Полковник расписался в журнале, прошёлся по помещениям отряда, поинтересовался у Николенко, как ведётся психологическая работа с осуждёнными, и, остановившись у выхода, вновь обратился к зэкам, которые так и стояли, опасаясь присесть и тем самым вызвать недовольство хозяина.
– Будем считать, что беседа окончена. – Начальник ощупывал взглядом лица осуждённых, то ли запоминая, то ли ища уже знакомые. – И храни вас Бог, если вы в него верите.
Полковник Ильин вышел. Присмиревшие осуждённые тихо переговаривались. Телевизор, выключенный перед приходом хозяина, как называли его между собой зэки, включить снова никто не решался. Николенко подождал, пока начальник отойдёт подальше, и тоже засобирался.
– Когда зайдёшь теперь? – поинтересовался Кувшинов.
– Не знаю, возможно, завтра, – соврал Николенко. – А когда этап?
– Послезавтра ждём – этапный день будет. А вообще, когда угодно может быть.
– Посмотрим, – кивнул Николенко и толкнул дверь.
– Странный сегодня день, – поделился с Кувшиновым лейтенант. – И зэки пришли этапом странные. Тебе не кажется?
– Может, и так, – отозвался осуждённый.
Старший дневальный проводил психолога до калитки и помог открыть и закрыть замок.
– Всего доброго, – попрощался Николенко и, сунув руки в карманы, быстрым шагом пошёл в сторону дежурной части.
– И тебе добра, лейтенант, – тихо сказал Кувшинов, глядя вслед торопившемуся поскорее выйти из зоны психологу. Он отошёл к курилке, достал из кармана зажигалку и закурил сигарету. Ему совсем не казалось, что сегодня странный день. И зэки были совершенно обычные. И жизнь у всех одна. Просто дорога у каждого своя.
Темнеет рано
Автор просит учесть, что все негативные эпизоды, описанные в рассказе, никак не являются отражением истинного отношения сотрудников к осуждённым и осуждённых между собой.
Все имена и события в произведении вымышлены, любые совпадения с реальными людьми и событиями – чистая случайность.
1Скачков сидел за письменным столом и сочинял отчёт. Сдать документацию на подпись начальнику он должен был ещё два дня назад. Перечитав последнее предложение, старлей поморщился и, скомкав лист, отбросил в сторону. Взгляд потянулся за окно. Глаз зацепился за жилки колючей проволоки. Вот! Строчки в его отчёте выходили такие же неровные и колючие.

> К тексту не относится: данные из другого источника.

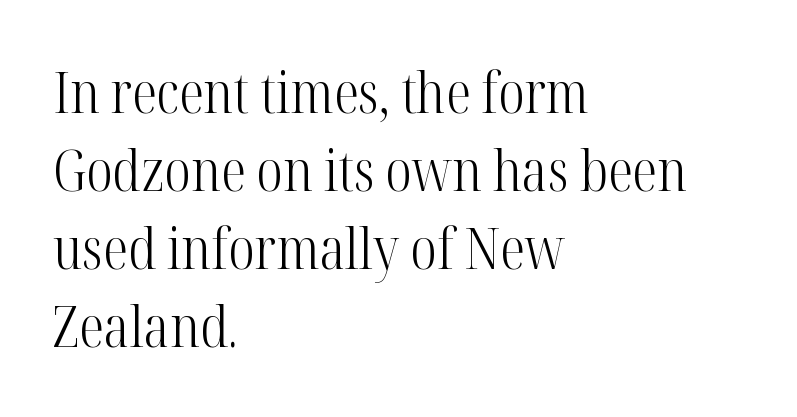
{"serif": "yes", "italic": "no", "bold": "no", "weight": "light", "width": "condensed", "stroke_contrast": "high", "x_height": "medium", "monospaced": "no", "underline": "no", "align": "left", "line_spacing": "normal", "line_spacing_ratio": 1.39, "letter_spacing": "normal", "letter_spacing_em": 0.0, "glyph_px": 56}
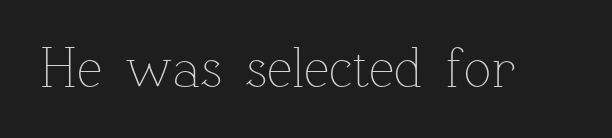
The face looks like a standard text weight, possibly lighter. Rendered with straight, roman letterforms. Quick note: underline off. You could not count columns in this text — the font is proportionally spaced. Is the letter spacing exaggerated? No — it looks like the ordinary default.
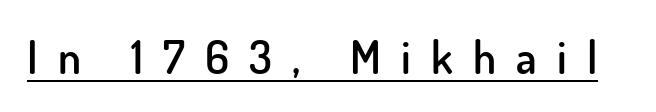
{"serif": "no", "italic": "no", "bold": "semi", "weight": "semibold", "width": "normal", "stroke_contrast": "low", "x_height": "small", "monospaced": "no", "underline": "yes", "letter_spacing": "wide", "letter_spacing_em": 0.45, "glyph_px": 45}
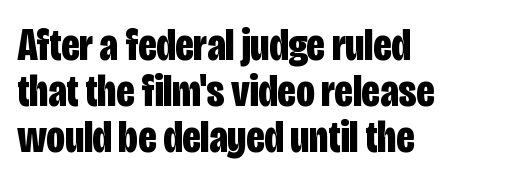
The image shows 46 px bold, condensed sans-serif type, upright; set left-aligned, tight line spacing (1.0x), normal letter spacing, not underlined; low stroke contrast and a large x-height.
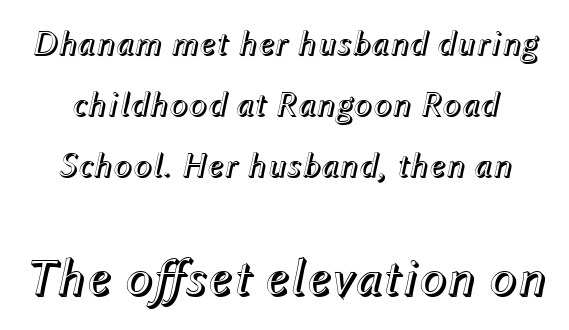
Does the bottom block carry the larger type? Yes, it does. Varying glyph widths throughout — classic text-font behaviour. Compared with typical body copy, the letter spacing here is the same. The face used here has a pronounced slope to its letters. Letters rest on an invisible, unmarked baseline.
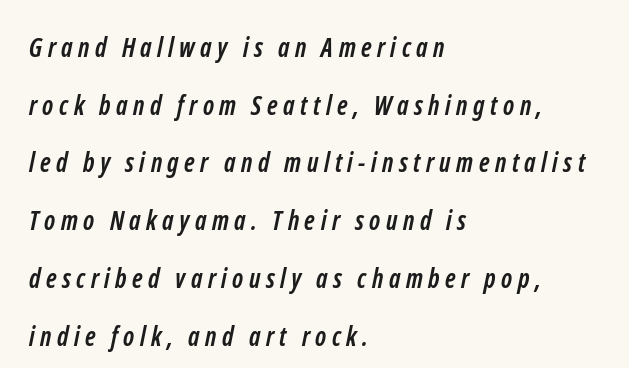
{"bold": "yes", "underline": "no", "align": "left", "line_spacing": "loose", "line_spacing_ratio": 2.22, "letter_spacing": "wide", "letter_spacing_em": 0.21, "glyph_px": 26}
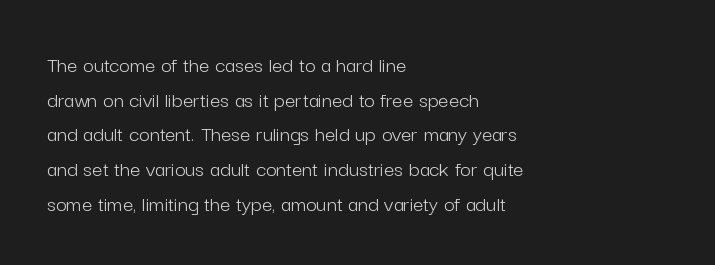
The image shows 23 px text type, upright; set left-aligned, normal line spacing (1.51x), normal letter spacing, not underlined.
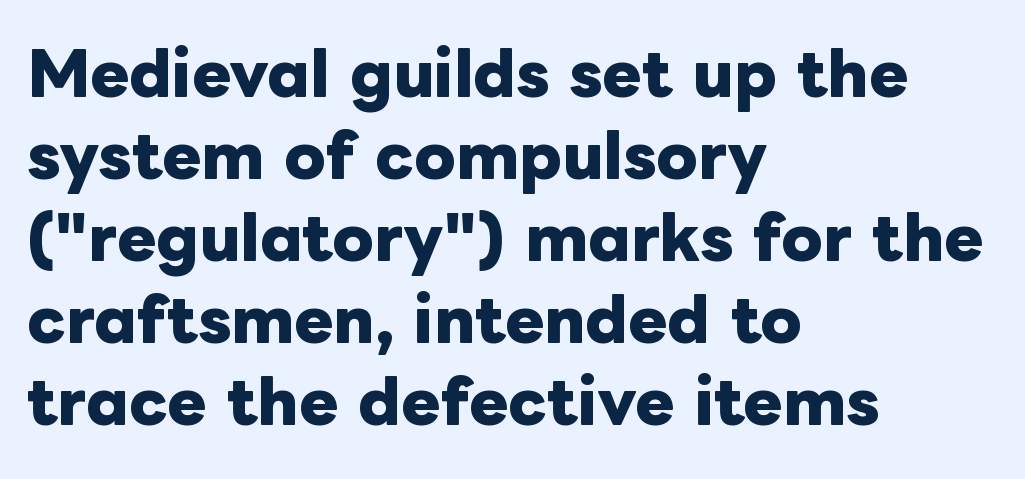
The image shows 59 px heavy type, upright; set left-aligned, normal line spacing (1.39x), normal letter spacing, not underlined; low stroke contrast and a medium x-height.
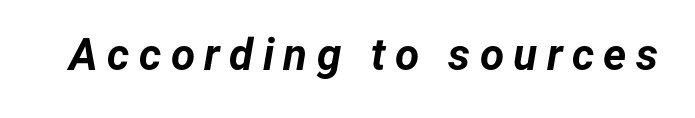
The image shows 44 px bold type, italic (leaning right); set unusually wide letter spacing (+0.21 em), not underlined; low stroke contrast and a medium x-height.
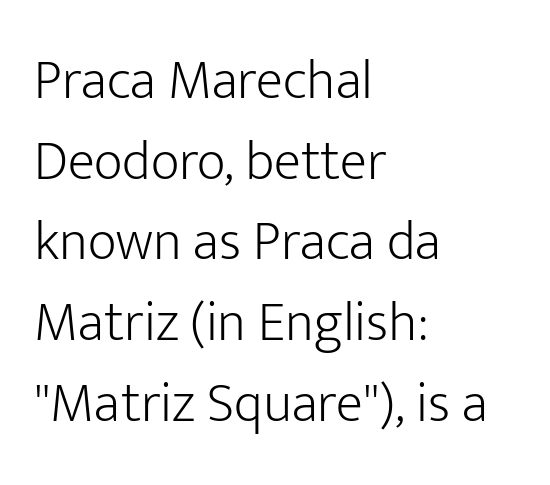
{"serif": "no", "italic": "no", "bold": "no", "weight": "light", "width": "normal", "stroke_contrast": "low", "x_height": "medium", "monospaced": "no", "underline": "no", "align": "left", "line_spacing": "normal", "line_spacing_ratio": 1.44, "letter_spacing": "normal", "letter_spacing_em": 0.0, "glyph_px": 56}
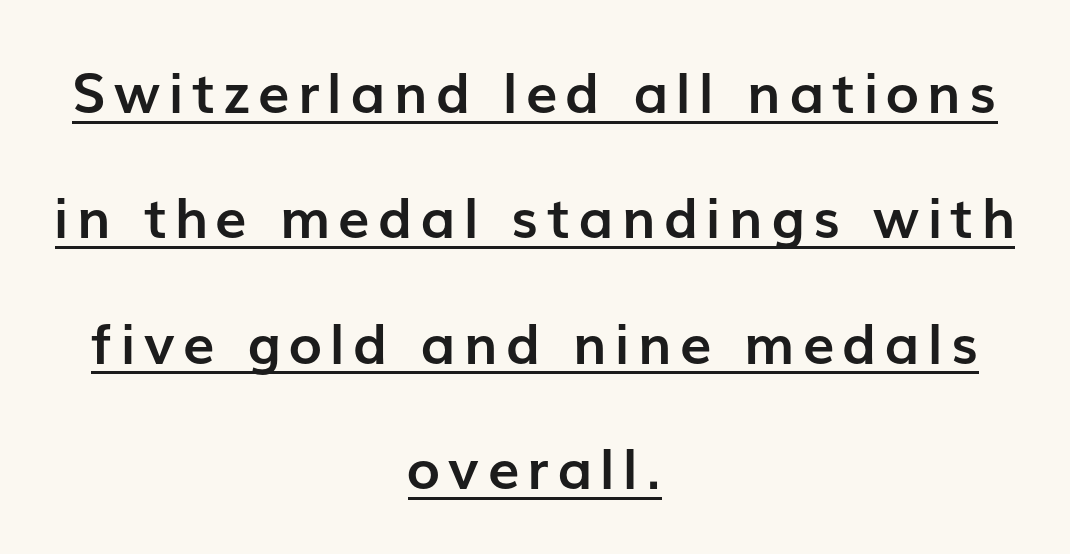
Is the type bold? Yes — the strokes are clearly thick and heavy. Note the varied advance widths — an 'i' is clearly narrower than an 'm'. Horizontal alignment here is central, giving a formal, balanced look. Is there much room between lines? Yes — plenty of vertical air separates them. A rule runs beneath these lines of type. Ascenders rise straight up at ninety degrees.
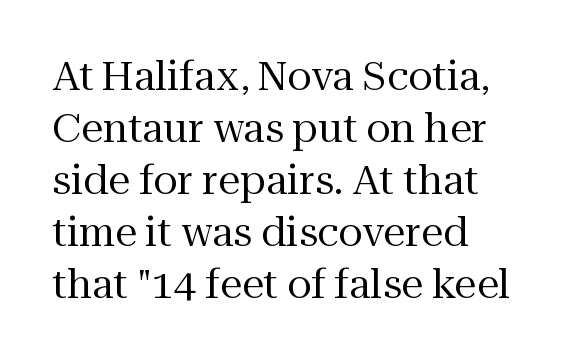
Q: Is the text bold? A: No.
Q: Is the text italic (slanted)? A: No, it is upright.
Q: Is the typeface a serif or a sans-serif typeface? A: Serif.
Q: Is the text underlined? A: No.
Q: Is the spacing between letters normal or unusually wide? A: Normal.
Q: Is the spacing between lines tight, normal or loose? A: Normal.
Q: Width (condensed, normal, or wide)? A: Normal.
Q: Stroke contrast? A: Medium.
Q: x-height? A: Medium.
Q: Monospaced? A: No.
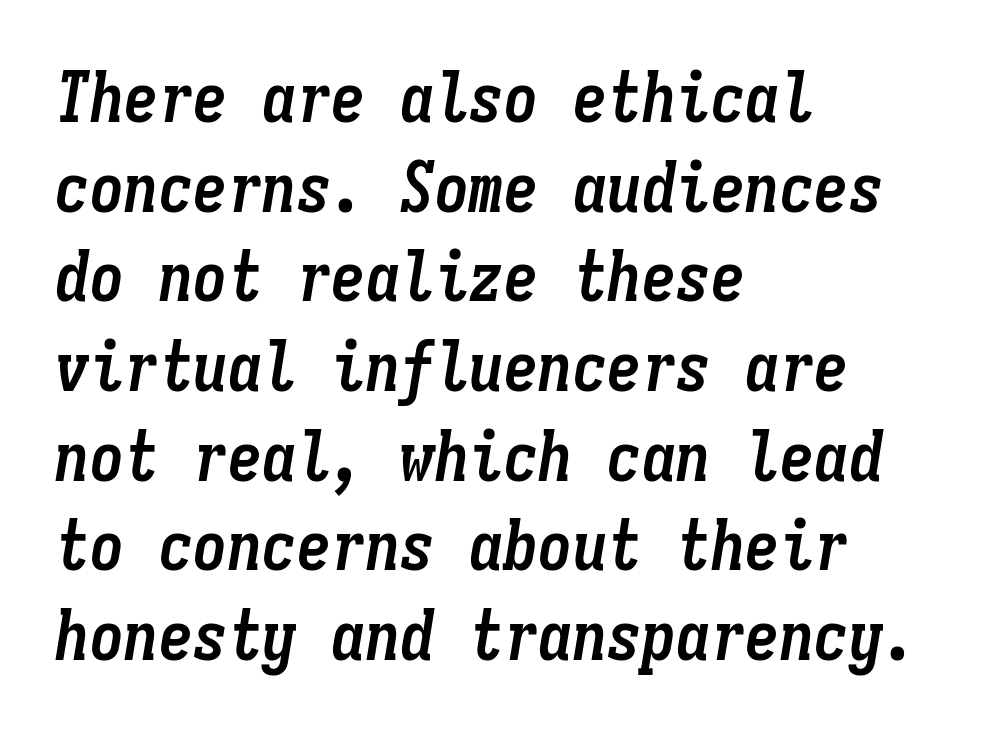
{"italic": "yes", "lean": "right", "slant_degrees": 9, "bold": "yes", "weight": "semibold", "width": "condensed", "stroke_contrast": "low", "x_height": "medium", "monospaced": "yes", "underline": "no", "align": "left", "line_spacing": "normal", "line_spacing_ratio": 1.3, "letter_spacing": "normal", "letter_spacing_em": 0.0, "glyph_px": 69}
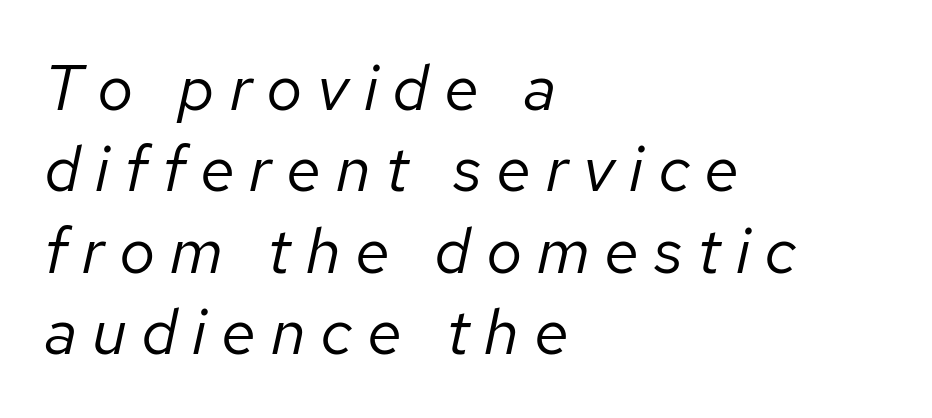
Q: Is the text bold? A: No.
Q: Is the text italic (slanted)? A: Yes, it leans right by about 12 degrees.
Q: Is the text underlined? A: No.
Q: How is the paragraph aligned? A: Left-aligned.
Q: Is the spacing between letters normal or unusually wide? A: Unusually wide.
Q: Is the spacing between lines tight, normal or loose? A: Normal.
Q: Width (condensed, normal, or wide)? A: Normal.
Q: Stroke contrast? A: Low.
Q: x-height? A: Medium.
Q: Monospaced? A: No.
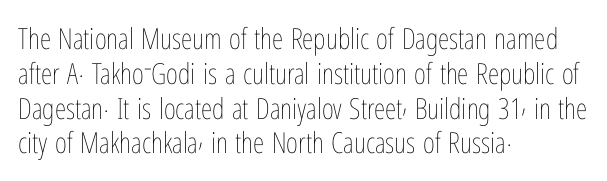
The image shows 29 px thin, condensed type, upright; set left-aligned, line spacing 1.2x, normal letter spacing, not underlined; low stroke contrast and a medium x-height.
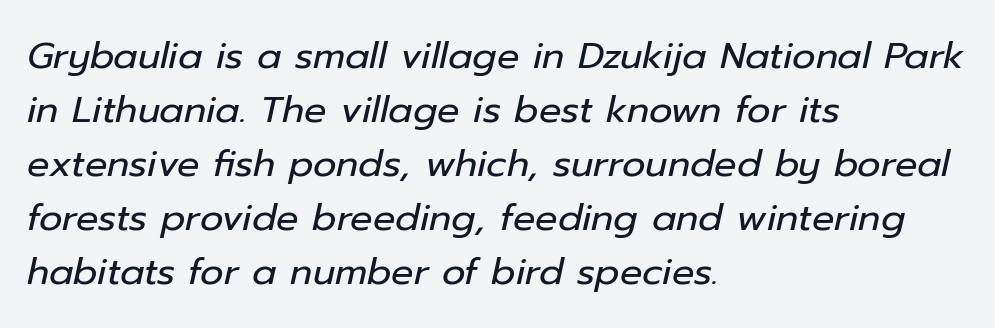
{"italic": "yes", "lean": "right", "slant_degrees": 12, "bold": "no", "weight": "regular", "width": "normal", "stroke_contrast": "low", "x_height": "medium", "monospaced": "no", "underline": "no", "align": "left", "line_spacing": "normal", "line_spacing_ratio": 1.46, "letter_spacing": "normal", "letter_spacing_em": 0.0, "glyph_px": 37}
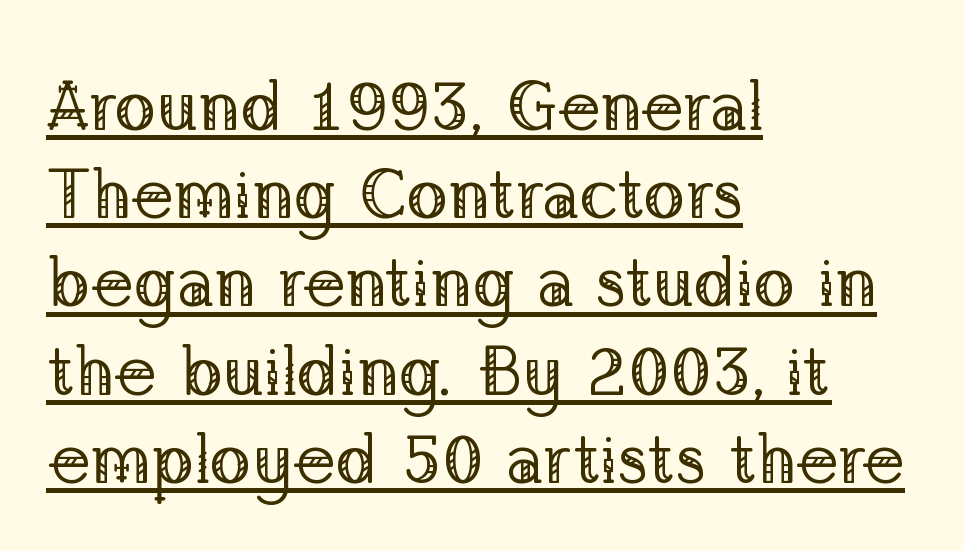
Spacing verdict: proportional, widths tailored to each character. These characters rest on top of a visible drawn line. The typesetter chose a ragged-right arrangement here. Posture: vertical.
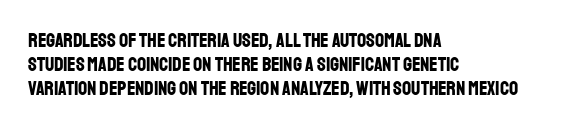
Q: Is the text bold? A: Yes.
Q: Is the text italic (slanted)? A: No, it is upright.
Q: Is the text underlined? A: No.
Q: How is the paragraph aligned? A: Left-aligned.
Q: Is the spacing between letters normal or unusually wide? A: Normal.
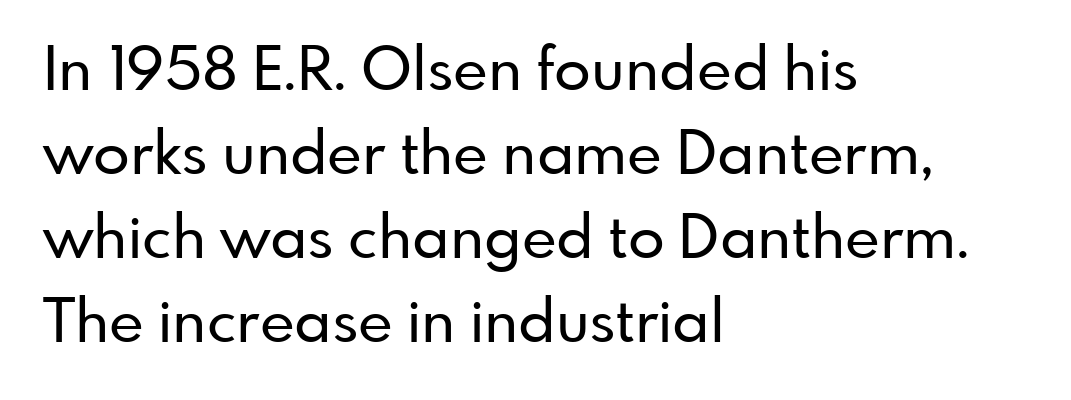
Notice how the passage keeps a crisp vertical edge on the left only. Successive baselines arrive at the customary interval. The strip under each line holds only bare page. Each letter keeps its own natural width here, so spacing adapts to shape. This rendering leaves character spacing at its baseline value.

Скачкову вспомнился сон, который вымучил его под утро.
Ему снилась лечебница в осенних горах, обнесённая высоким забором. Выбитые стёкла, облупившаяся краска на стенах, пожелтевшая потолочная плитка, узор на которой похож на копошащихся в молоке опарышей, и несколько десятков людей, поражённых неизвестной болезнью. Он, Скачков, в белом халате ходит меж рядами больничных кроватей, на которых лежат разлагающиеся люди. С них слоями слезает кожа, плоть отстаёт от костей и выглядит как мясо вяленой рыбы. Через распахнутые окна в палату ветер закидывает листья, они кружатся, опускаясь на больных. Люди почти не разговаривают, кто-то стонет, кто-то тихо бредит. Запах гниющей плоти не даёт дышать, его мутит, он быстрым шагом пересекает палату и распахивает дверь запасного выхода. Чистый горный воздух, свинцовое осеннее небо. Он прислушивается: кажется, доносится шум прибоя, похожий на артиллерийскую канонаду. Откуда здесь-то? К нему на кресле-каталке подъезжает один из больных – сморщенный человечек с голым черепом, весь покрытый гноящимися язвами.